Accompanying the drawings are plants, armchairs and collages, which all sit quietly beneath a sound installation in which the voices of the characters in Khair-Eddine’s play echo around the gallery. The environment that Barrada has created allows the viewer to immerse themselves in the installation, inviting them to sit on sculpture masked as furniture, on which they can look forwards to collages and backwards to mural drawings. The wicker chairs, sofas and lampshades incorporate traditional Moroccan techniques and become more intricate and complicated as the viewer moves through the rounded gallery. These structures culminate in a huge golden wicker chandelier-type construction that cast dramatic shadows against the dark walls of the exhibition space.

The sense of a city in transition is most directly reflected in Barrada’s collages.
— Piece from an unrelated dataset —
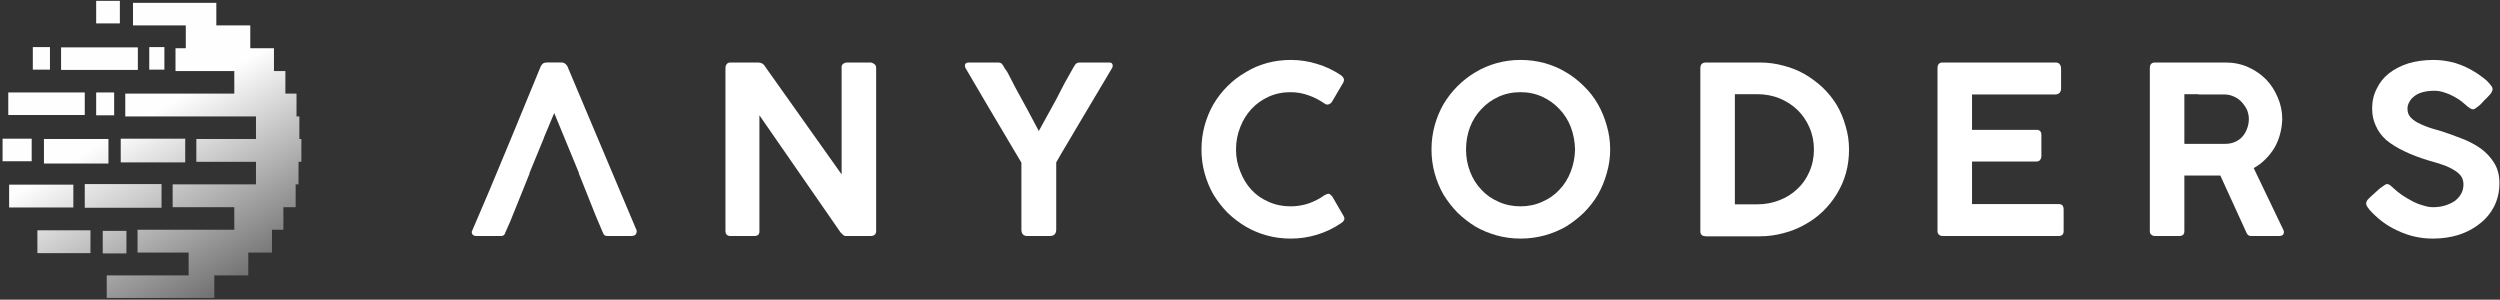 <svg version="1.2" xmlns="http://www.w3.org/2000/svg" viewBox="0 0 876 105" width="876" height="105"><rect x="0" y="0" width="876" height="105" fill="#333333" stroke="none"/><defs><linearGradient id="P" gradientUnits="userSpaceOnUse"/><linearGradient id="g1" x1="27.9" y1="131.6" x2="-27.6" y2="35.6" href="#P"><stop stop-color="#fefefe" stop-opacity=".3"/><stop offset=".6" stop-color="#fefefe"/></linearGradient></defs><style>.a{fill:url(#g1)}.b{fill:#fff}</style><path fill-rule="evenodd" class="a" d="m15.4 48.7h22.6v8.6h-22.6zm24.6-8.3h-6.3v-8h6.3zm65.6 8.3v8h-1v7.9h-1v8h-4.3v7.9h-4v8h-8.3v8h-11.9v7.9h-37.7v-7.9h28.7v-8h-17.9v-8h33.9v-7.9h-21.6v-8h29.2v-7.9h-20.9v-8h20.9v-7.9h-45.8v-8h38.2v-7.9h-20.6v-8h3.6v-8h-18.5v-7.9h29.2v7.9h11.9v8h8.3v8h4v7.9h3.9v8h1v7.9zm-69.6 40.1v-7.9h8.3v7.9zm12.3-64.3h-26.9v-7.9h26.9zm-6.3-16.3h-8.3v-7.9h8.3zm14.6 64.6h-26.9v-8.3h26.9zm8.3-15.9h-22.6v-8.3h22.6zm-7.3-40.4v7.9h-5.3v-7.9zm-40.1 7.9h-6v-7.9h6zm14.2 64.3h-18.6v-8h18.6zm-2-48.4h-26.8v-7.9h26.8zm-18.6 16.2h-10.2v-7.9h10.2zm14.6 16.2h-22.5v-8h22.5z"/><path class="b" d="m254.2 23.7q0-0.7 0.5-1.3 0.4-0.5 1.3-0.5h9.6q0.6 0 1.4 0.3 0.7 0.4 1 1l26.9 37.9v-37.9q0.3-0.8 0.8-1 0.6-0.3 1-0.3h8.3q0.6 0 1.3 0.5 0.7 0.5 0.7 1.3v57.2q0 1.8-2 1.8h-8.7q-0.5 0-0.9-0.4-0.4-0.4-0.9-0.9l-28.4-41v40.5q0.1 1.8-1.8 1.8h-8.3q-1.8 0-1.8-1.8z"/><path class="b" d="m346.1 37.1l-7.4-12.6v-0.1q-0.2-0.1-0.2-0.2-0.2-0.3-0.3-0.6-0.1-0.3-0.1-0.6 0-0.4 0.3-0.8 0.4-0.3 1-0.3h10.5q0.3 0.1 0.5 0.1 0.3 0.1 0.5 0.2 0.2 0.2 0.4 0.5 0.3 0.3 0.6 1l1.1 1.6 2.9 5.6q2 3.7 4.1 7.5 2 3.7 4 7.5l6-10.9q1.4-2.8 3-5.8 1.7-3 3.2-5.7 0.6-1.1 1-1.3 0.3-0.2 0.9-0.3h10.7q0.5 0 0.8 0.3 0.3 0.3 0.3 0.8 0 0.3-0.1 0.6-0.2 0.4-0.4 0.7l-11.6 19.5q-1.9 3.2-3.9 6.6-2 3.3-3.8 6.5v23.5q0 2.3-2.3 2.3h-7.8q-2.1 0-2.1-2.3v-23.4z"/><path class="b" d="m469.8 26.3q0.6 0.4 1 1.1 0.3 0.6-0.1 1.5l-4 6.8q-0.6 0.8-1.3 0.9-0.6 0.2-1.4-0.4-2.6-1.8-5.5-2.8-3-1.1-6.3-1.1-4.2 0-7.7 1.6-3.5 1.6-6 4.3-2.5 2.7-3.9 6.3-1.5 3.7-1.5 7.9 0 4.1 1.5 7.7 1.4 3.7 3.9 6.4 2.5 2.7 6 4.2 3.5 1.6 7.7 1.6 3.3 0 6.3-1 3.1-1.1 5.6-2.9 0.9-0.5 1.5-0.5 0.5 0.1 1.2 0.9l4 6.9q0.5 0.9 0.1 1.5-0.3 0.6-1 1-3.8 2.6-8.3 4-4.5 1.4-9.3 1.4-4.4 0-8.4-1.1-4-1.1-7.4-3.1-3.5-2.1-6.4-4.9-2.8-2.9-4.9-6.3-2-3.5-3.1-7.5-1.1-4-1.1-8.3 0-4.4 1.1-8.4 1.1-4 3.1-7.5 2.1-3.5 4.9-6.3 2.9-2.9 6.4-4.9 3.4-2.1 7.4-3.2 4-1.1 8.4-1.1 4.8 0 9.2 1.4 4.4 1.3 8.3 3.9z"/><path fill-rule="evenodd" class="b" d="m501.6 52.4q0-4.4 1.1-8.4 1.1-4 3.1-7.5 2.1-3.5 4.9-6.3 2.9-2.9 6.3-4.9 3.5-2.1 7.5-3.2 4-1.1 8.3-1.1 4.3 0 8.4 1.1 4 1.1 7.5 3.2 3.4 2 6.3 4.9 2.9 2.8 4.9 6.3 2 3.5 3.1 7.5 1.2 4 1.2 8.4 0 4.3-1.2 8.3-1.1 4-3.1 7.5-2 3.4-4.9 6.3-2.9 2.8-6.3 4.9-3.5 2-7.5 3.1-4.1 1.1-8.4 1.1-4.3 0-8.3-1.1-4-1.1-7.5-3.1-3.4-2.1-6.3-4.9-2.8-2.9-4.9-6.3-2-3.5-3.1-7.5-1.1-4-1.1-8.3zm12.1 0q0 4.1 1.4 7.7 1.4 3.7 4 6.4 2.5 2.7 6 4.2 3.5 1.6 7.7 1.6 4.1 0 7.6-1.6 3.5-1.5 6-4.2 2.6-2.7 4-6.4 1.4-3.6 1.5-7.7-0.1-4.2-1.5-7.9-1.4-3.6-4-6.3-2.5-2.7-6-4.3-3.5-1.6-7.6-1.6-4.2 0-7.7 1.6-3.5 1.6-6 4.3-2.6 2.7-4 6.3-1.4 3.7-1.4 7.9z"/><path fill-rule="evenodd" class="b" d="m647.9 52.4q0 4.4-1.1 8.3-1.1 3.9-3.2 7.3-2 3.3-4.9 6.1-2.8 2.7-6.3 4.6-3.5 2-7.5 3-4 1.1-8.3 1.1h-18.8q-0.4 0-0.7-0.1-0.3 0-0.6-0.2-0.3-0.2-0.5-0.5-0.2-0.3-0.2-0.9v-57.2q0-2 2-2h18.8q4.3 0 8.3 1.1 4 1 7.5 3 3.4 2 6.3 4.7 2.9 2.8 4.9 6.1 2 3.4 3.1 7.4 1.2 3.9 1.2 8.2zm-40-19.4v38.6h7.8q4.1 0 7.7-1.4 3.7-1.4 6.4-4 2.7-2.5 4.2-6 1.6-3.6 1.6-7.8 0-4.2-1.6-7.8-1.5-3.5-4.2-6.1-2.7-2.6-6.4-4.1-3.6-1.4-7.7-1.4z"/><path class="b" d="m678.9 23.9q0-2 1.8-2h39.5q1.1 0 1.5 0.6 0.5 0.6 0.5 1.5v7.2q0 0.7-0.5 1.3-0.5 0.6-1.6 0.6h-29.1v12.4h22.5q0.8-0.1 1.3 0.4 0.5 0.4 0.5 1.4v7.4q0 0.8-0.5 1.4-0.4 0.5-1.3 0.5h-22.5v14.9h30.2q1.1 0 1.5 0.5 0.4 0.5 0.4 1.5v7.5q0 1.7-1.8 1.7h-40.6q-0.7 0-1.2-0.4-0.6-0.4-0.6-1.3z"/><path class="b" d="m866.6 38.3q-0.5 0-1-0.3-0.4-0.3-1-0.7l-0.1-0.1q-0.8-0.7-2-1.7-1.2-0.9-2.7-1.7-1.6-0.9-3.3-1.4-1.7-0.6-3.5-0.6-2.3 0-4.1 0.5-1.8 0.5-2.9 1.4-1.2 0.9-1.8 2.1-0.7 1.2-0.6 2.5 0 1.5 0.9 2.6 0.9 1.1 2.5 2 1.5 0.8 3.6 1.6 2 0.7 4.3 1.3 3.8 1.2 7.6 2.7 3.7 1.4 6.7 3.5 2.9 2.1 4.7 5 1.9 3 1.9 7.1 0 4.5-1.8 8.1-1.8 3.6-5 6.1-3.2 2.6-7.5 4-4.2 1.3-9.1 1.3-3.2 0-6.3-0.7-3.1-0.7-6-2.1-2.9-1.3-5.4-3.2-2.6-2-4.6-4.3l-0.1-0.2q-0.9-1-0.9-1.8 0-0.9 1-1.8l0.6-0.6 0.8-0.7q0.6-0.6 1.3-1.2 0.7-0.7 1.4-1.2 0.7-0.5 1.3-0.9 0.5-0.4 0.9-0.4 0.6 0 1.1 0.4 0.5 0.4 0.8 0.7l0.2 0.1h-0.1q1.5 1.4 3.2 2.6 1.8 1.2 3.7 2.2 1.9 1 3.8 1.5 1.8 0.6 3.5 0.6 2.2 0 4.2-0.6 1.9-0.6 3.4-1.6 1.4-1.1 2.2-2.5 0.8-1.5 0.8-3.3 0-1.8-1-3.1-1.1-1.3-2.8-2.2-1.7-1-3.9-1.7-2.1-0.7-4.3-1.3-5-1.5-8.7-3.3-3.8-1.8-6.3-3.9-2.5-2.2-3.7-5-1.3-2.7-1.3-6.1 0-3.8 1.6-6.9 1.5-3.2 4.3-5.4 2.8-2.2 6.8-3.5 4-1.2 8.9-1.2 3.7 0 7.6 1.1 3.8 1.2 7.1 3.3 1 0.6 2 1.4 1 0.7 1.9 1.5 0.8 0.8 1.4 1.6 0.6 0.7 0.6 1.3 0 0.5-0.3 1-0.2 0.5-0.6 0.9l-1.2 1.3q-0.7 0.6-1.3 1.3-0.6 0.7-1.3 1.3-0.7 0.5-1.2 0.9-0.5 0.4-0.9 0.4z"/><path class="b" d="m223.1 80.8v0.3q0 0.6-0.4 1.1-0.4 0.5-1.8 0.5h-7.9q-0.8 0-1.2-0.3-0.3-0.2-0.6-1l-2.5-5.9-5.9-14.8h0.1l-8.7-21.1-3.6 8.6v0.1l-5.1 12.4h0.1c-3.2 7.9-6.7 16.7-6.9 17.1l-1.6 3.6q-0.3 1.3-1.5 1.3h-8.5q-1 0-1.4-0.4-0.4-0.4-0.4-1.1 0-0.1 6.2-14.5 6.1-14.5 18-43.5 0.3-0.5 0.7-0.9 0.5-0.4 1.6-0.4h4.8q0.9 0 1.4 0.4 0.5 0.4 0.8 0.9z"/><path class="b" d="m190.6 52.3z"/><path fill-rule="evenodd" class="b" d="m800.3 81.2q0 0.7-0.4 1.1-0.4 0.4-1.4 0.4h-9.8q-1.1 0-1.6-1.3l-9.1-19.9h-12.6v19.5q0 1.7-1.8 1.7h-8.5q-0.7 0-1.2-0.4-0.6-0.4-0.6-1.3v-57.1q0-2 1.8-2h24.7q4.3 0 7.9 1.6 3.6 1.6 6.3 4.3 2.6 2.7 4.1 6.3 1.6 3.6 1.6 7.7-0.1 2.8-0.8 5.3-0.7 2.6-2 4.8-1.3 2.1-3.1 3.9-1.8 1.8-4.1 3.1l10.5 21.9q0 0.1 0 0.2 0.1 0.1 0.1 0.2zm-12.3-39.5q0-1.5-0.6-3.1-0.7-1.5-1.8-2.7-1.1-1.3-2.7-2-1.6-0.8-3.5-0.8h-9l-0.1-0.1h-4.9v17.4h14.3q2 0 3.5-0.7 1.6-0.7 2.6-1.9 1.1-1.3 1.6-2.8 0.6-1.6 0.6-3.3z"/></svg>

Across several A4 pieces of paper pastiches of the past are layered together to cast shadows and build context about the situation in Agadir during the 1960s. Some of the collages have descriptions that explain to the audience what they are looking at like: “Agadir, Morocco: rows of shattered windows rest amid the rubble of what was once the Hotel Saada here…March 1st several thousands of persons were killed in the disaster.” This chilling sentence is printed below an image of black and white windows against a sheet of paper covered in red shapes. The complete picture does not look tragic at all, it is only when you are forced to read what it represents that its gravity takes hold of the viewer.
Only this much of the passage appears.